Checkpoints

Setting up checkpoints to periodically save our model during training so that everything is not lost even if the program were to somehow terminate while training.

# Setting up checkpoints to save model during training
checkpoint_dir = './training_checkpoints'
checkpoint_prefix = os.path.join(checkpoint_dir, 'ckpt')
checkpoint = tf.train.Checkpoint(generator_optimizer=generator_optimizer,
                            discriminator_optimizer=discriminator_optimizer,
                            generator=generator,
                            discriminator=discriminator)

Now we define our training loop

def train(dataset, epochs):
    generator_loss_list = []
    discriminator_loss_list = []

    for epoch in range(epochs):
        start = time.time()

        for image_batch in dataset:
            gen_loss, disc_loss = train_step(image_batch)
            generator_loss_list.append(gen_loss.numpy())
            discriminator_loss_list.append(disc_loss.numpy())

        #generate_and_save_images(generator, epoch + 1, seed_images)

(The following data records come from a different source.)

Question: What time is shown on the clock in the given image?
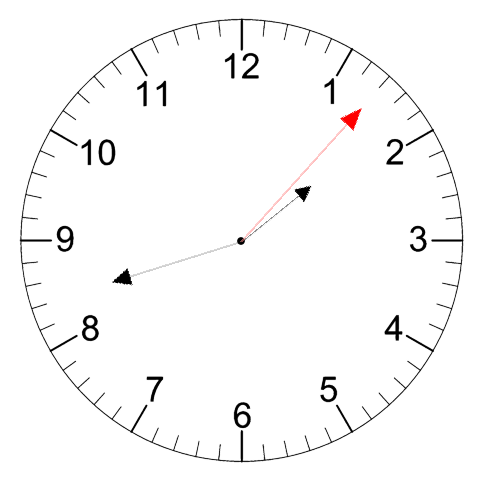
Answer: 01:42:07
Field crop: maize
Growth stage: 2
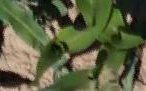
Species: maize

        if (epoch + 1) % 15 == 0:
            checkpoint.save(file_prefix=checkpoint_prefix)

        print(f'Time for epoch {epoch} is {time.time() - start}')

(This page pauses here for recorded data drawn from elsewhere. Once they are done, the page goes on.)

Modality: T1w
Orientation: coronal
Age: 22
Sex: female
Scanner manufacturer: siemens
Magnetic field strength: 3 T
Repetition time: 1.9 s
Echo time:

    #generate_and_save_images(generator, epochs, seed_images)

    loss_file = './data/lossfile.txt'
    with open(loss_file, 'w') as outfile:
        outfile.write(str(generator_loss_list))
        outfile.write('\n')
        outfile.write('\n')
        outfile.write(str(discriminator_loss_list))
        outfile.write('\n')
        outfile.write('\n')

To train simply call this function. Warning: this might take a long time so there is a folder of a pretrained network already included in the repository.

train(train_dataset, EPOCHS)

And here is the result of training our model for 100 epochs

Now to avoid having to train and everything, which will take a while depending on your computer setup we now load in the model which produced the above gif.

checkpoint.restore(tf.train.latest_checkpoint(checkpoint_dir))
restored_generator = checkpoint.generator
restored_discriminator = checkpoint.discriminator

print(restored_generator)
print(restored_discriminator)